Looking back, it's been a really BUSY year for us. We had a placement in the Spring/Summer and you can think of EVERY emotion and know that we experienced it at some point. We have a lot of fun memories from the time they spent with us. We also learned a lot about each other and what our family is capable of. Like any other area of ministy, the kids were not the hardest part... navigating the system, birthparents, schedules, etc... was what we were probably the most surprised/ overwhelmed by. (Oh yeah, and I still haven't learned to accept the INSANE way the world works) The youngest one gave us all sorts of "one liners" that still creep up in conversation. She was a funny little girl. It's pretty quiet around here these days, and we are on stand-by again. I would love to tell you that I am getting good at waiting, but I'm not.
Our girls are still growing.... Ellie is- no doubt- gonna pass me in height this year. Emma is taking gymnastics and is wonderful at it. (The floor BOUNCES in the gym, and anyone who knows Emma realizes how great that is for her!!) Avery is still just lovin' life (and coughing). She's just happy to be wherever, doing whatever...

I've decided I'll just skip talking about the farm this year...It rained...A LOT...
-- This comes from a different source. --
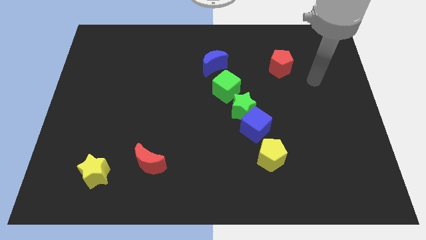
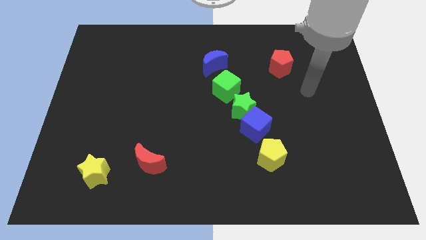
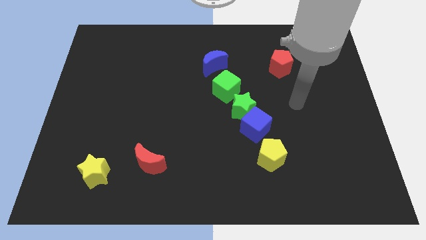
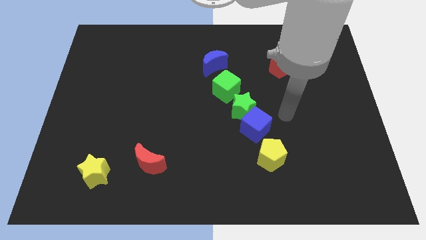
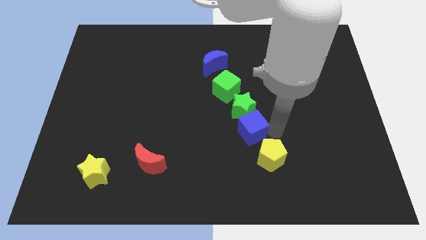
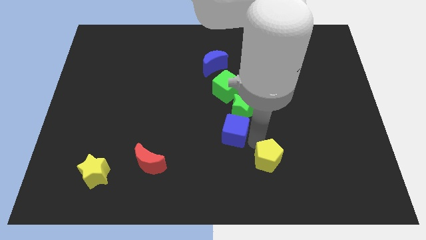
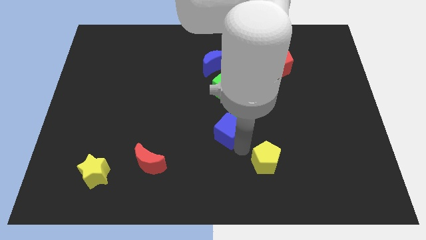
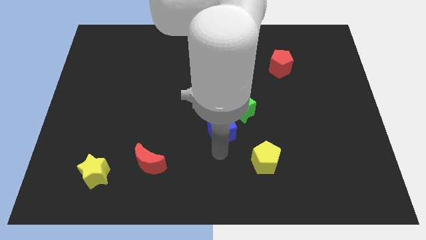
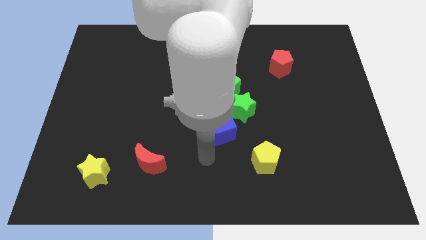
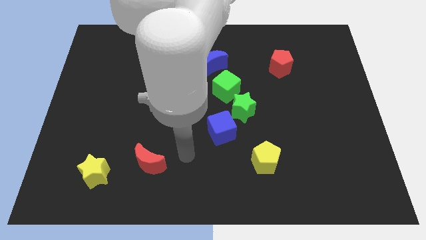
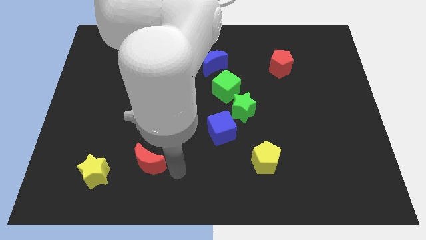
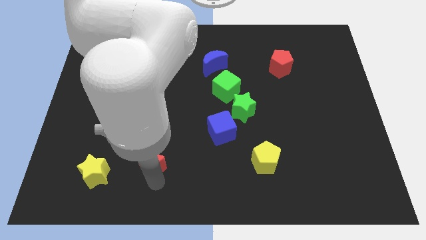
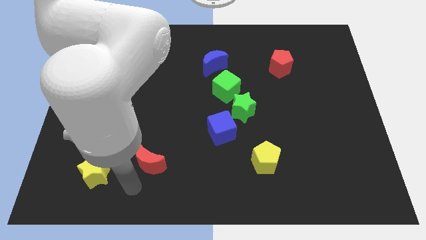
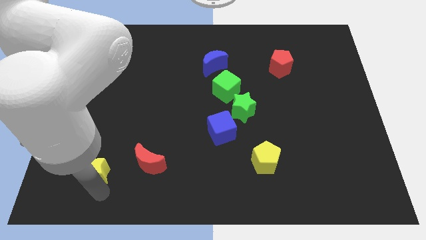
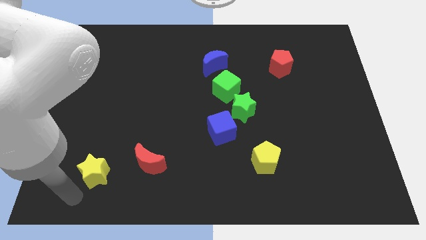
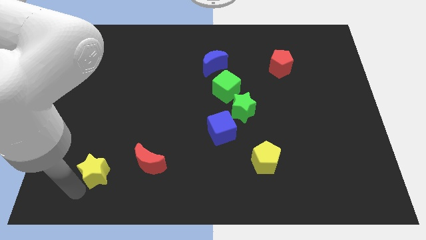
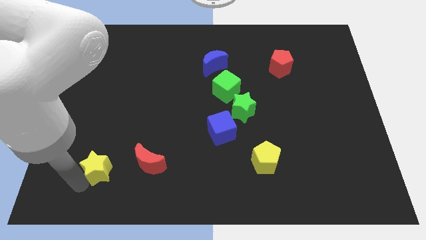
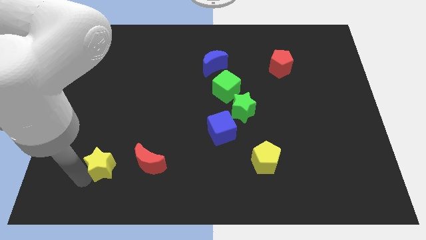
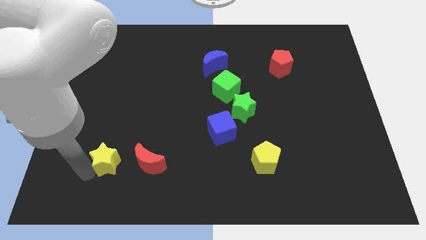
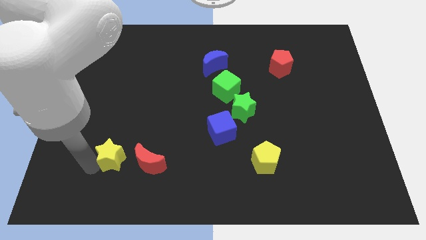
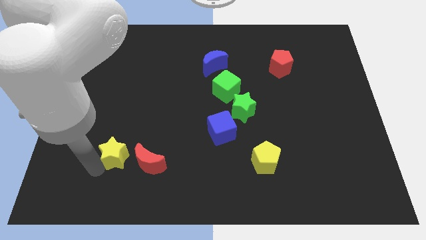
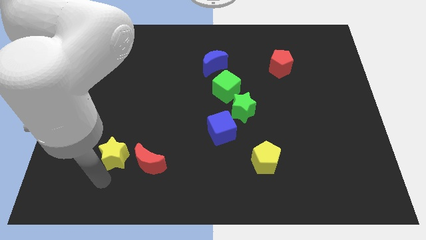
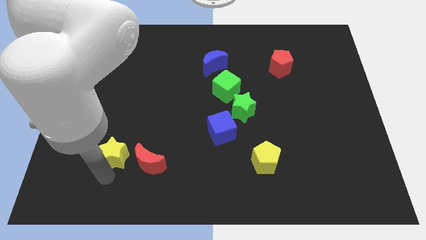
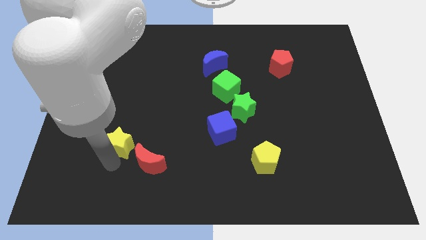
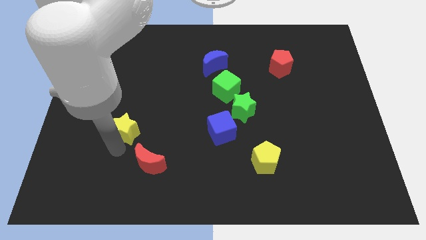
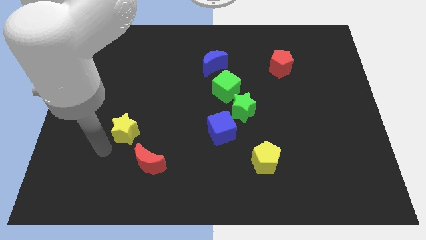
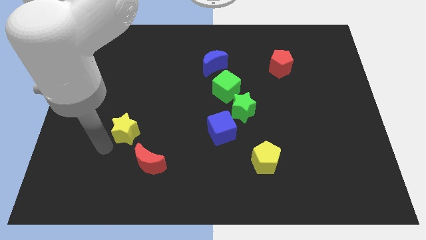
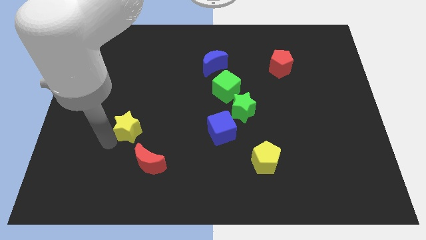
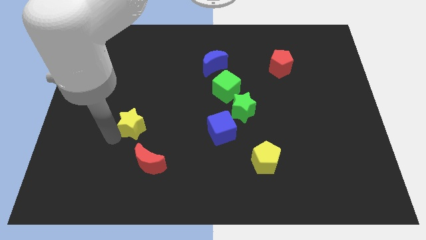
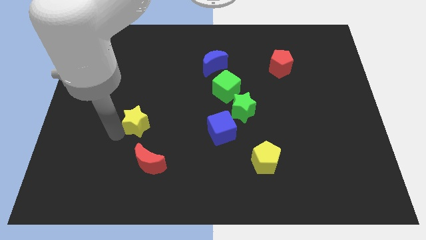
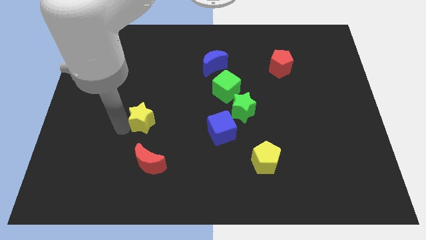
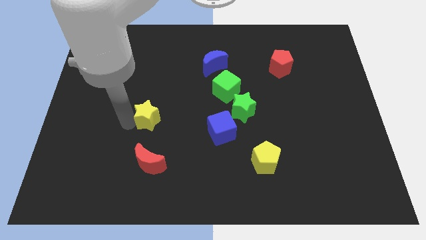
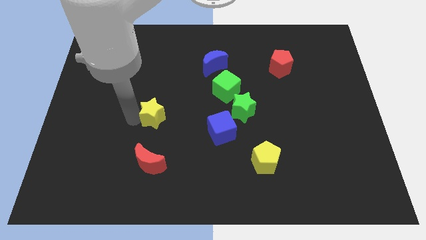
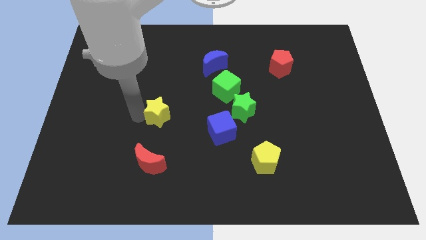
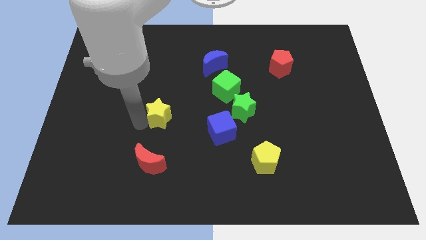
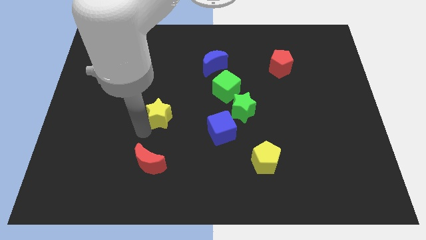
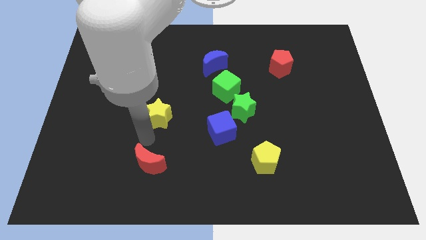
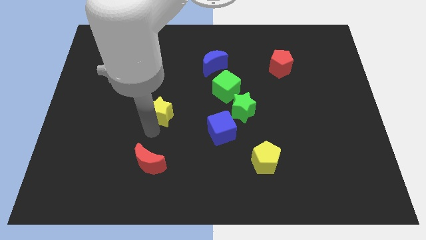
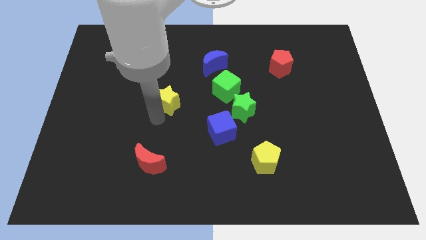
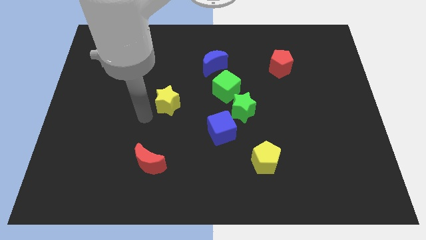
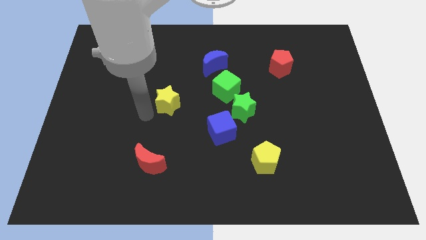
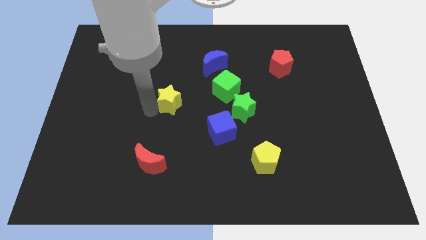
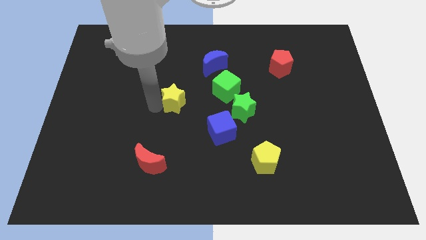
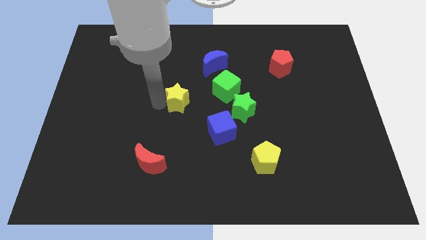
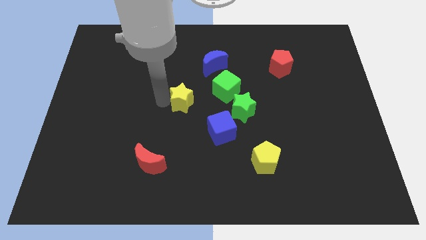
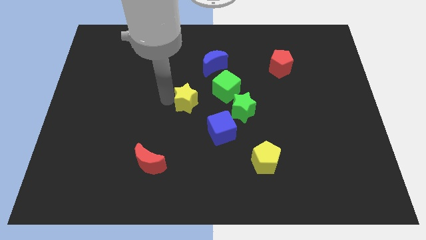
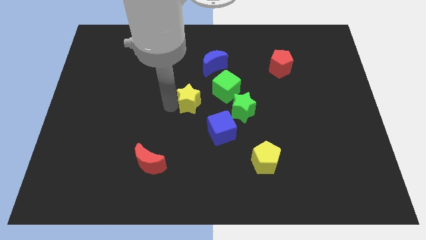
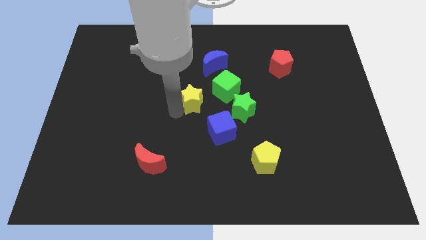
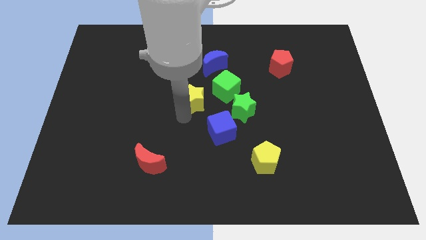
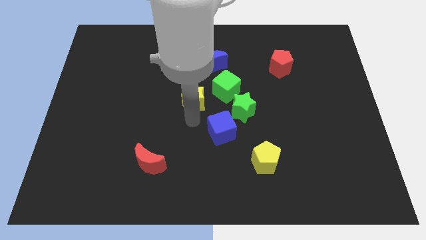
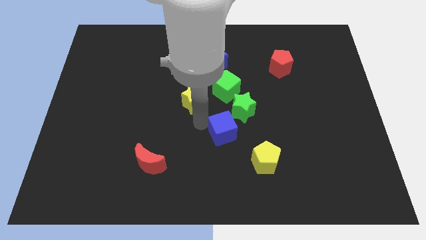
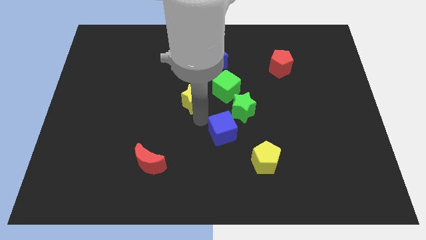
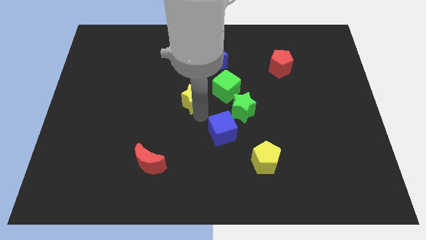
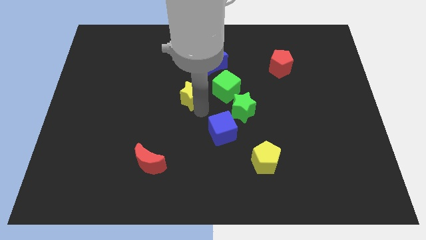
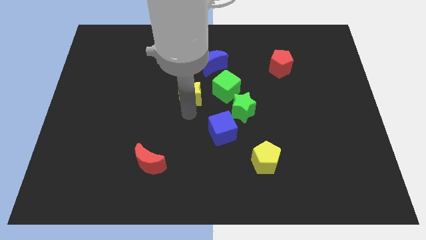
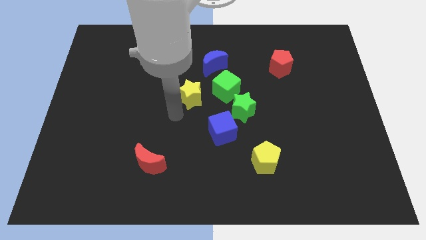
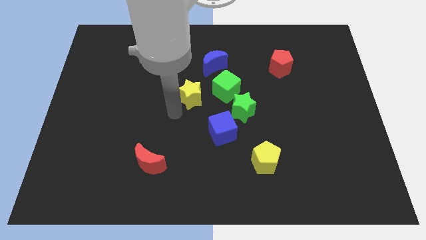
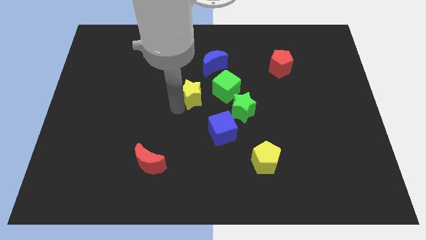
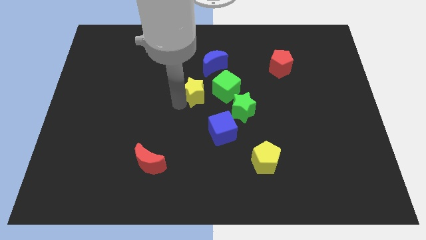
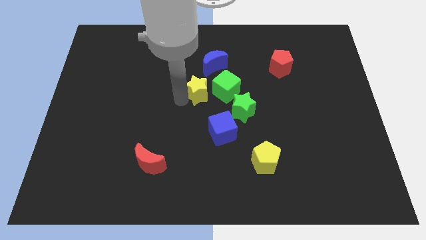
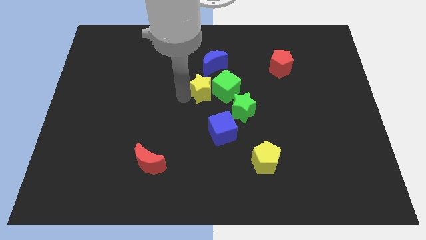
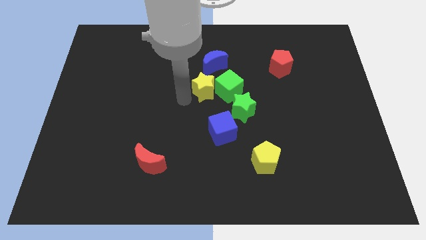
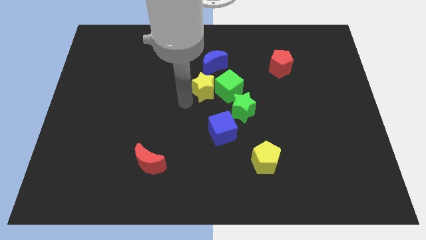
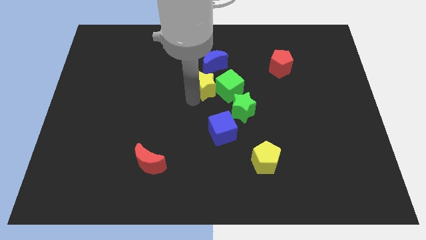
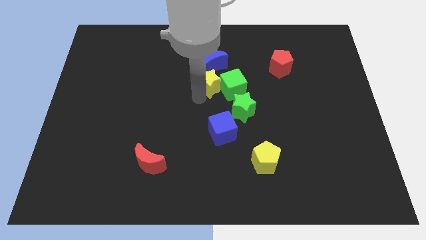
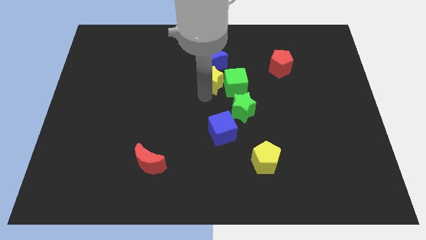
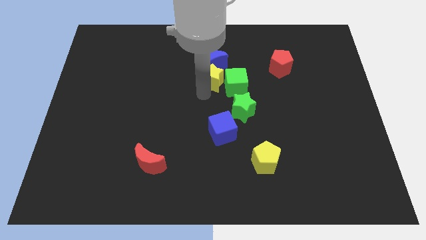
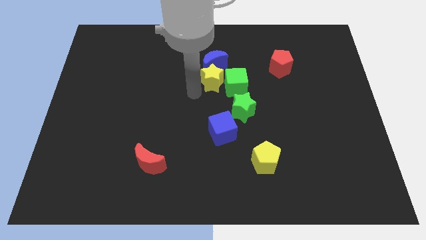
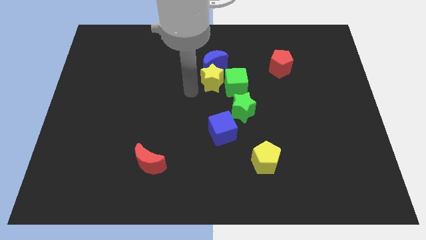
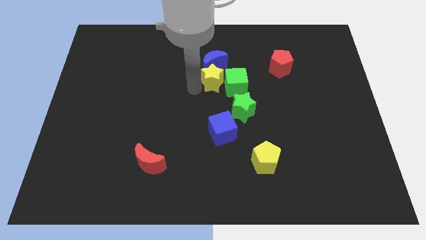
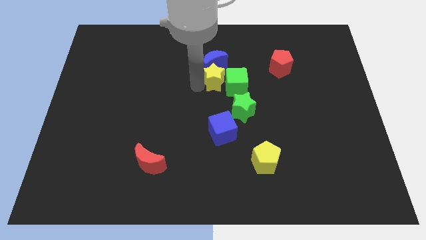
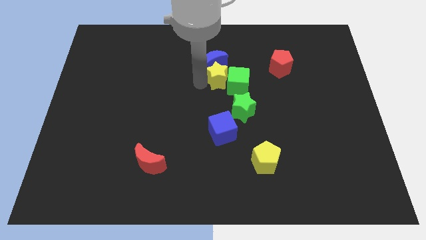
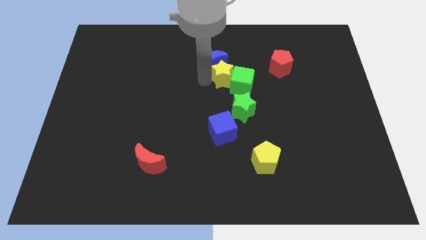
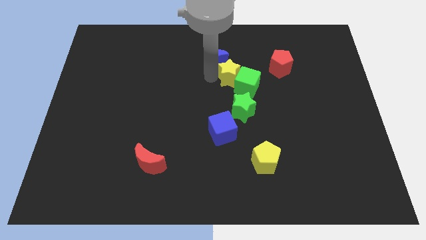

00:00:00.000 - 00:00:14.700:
push the yellow star to the right of the blue moon

We hope all of you have a WONDERFUL Christmas. We feel so blessed to have so many friends to send Christmas cards each year.
We love all of you,

Todd, Melinda, and the girls

Saturday, December 6, 2008

It's Christmas time again!!


Well, Christmas 2008 has come and we are (still) a family of five. A year ago, we had hopes that our family would have grown by now in number, but it didn't. That certainly doesn't mean we haven't "grown" though. Our girls become more beautiful each year. Ellie will be a teenager in just a few days and she is so much like her mom that I am scared to death!!! Our little 'monkey in the middle' wakes up every morning with a smile on her face ready to take on the world. (She is just like her Daddy!) And our 'baby' is now a Kindergartner who loves going to big girl school.
Todd had a great year on the farm and with the shift from less cotton to more corn, he has been able to do things with us this fall that were not possible in the past. I'm all about 'going green'! He definitely knows how to grow corn!!
We've had two new babies in our family this year. My big brother had his first daughter, Shelton and my sister had her baby this week. Baby Aiden is 5 days old and will have surgery on Monday to correct a serious heart defect. My God is good and I have no doubts that He will heal Aiden's body on Monday.
We have spent the last year pursuing foster care and are actually licensed foster care parents with the Alabama Baptist Children's Home. Things moved pretty slowly for a while (the foster care program is relatively new at the Decatur campus). We have had several calls for potential placements, but none of them were meant to be. Basically, we are on 'standby' for children who need a temporary home. We have come to realize that we have to make ourselves available for God to use us as HE SEES FIT. He has blessed us with three beautiful children and we could never thank Him enough or even find words to tell you how important they are to us.
I have a peace today that I didn't have a year ago. I have more patience, more tolerance, more understanding, and more love. I have peace that God IS taking care of orphans in their distress and He IS choosing people to be a part of that. I don't feel like I am running after God anymore begging for Him to let me in on the plan. I feel like we are open (and ready) and when GOD is ready for our family to serve, He will let us know.
We hope your family has a Holiday season full of blessings! Thank you for your friendship!!!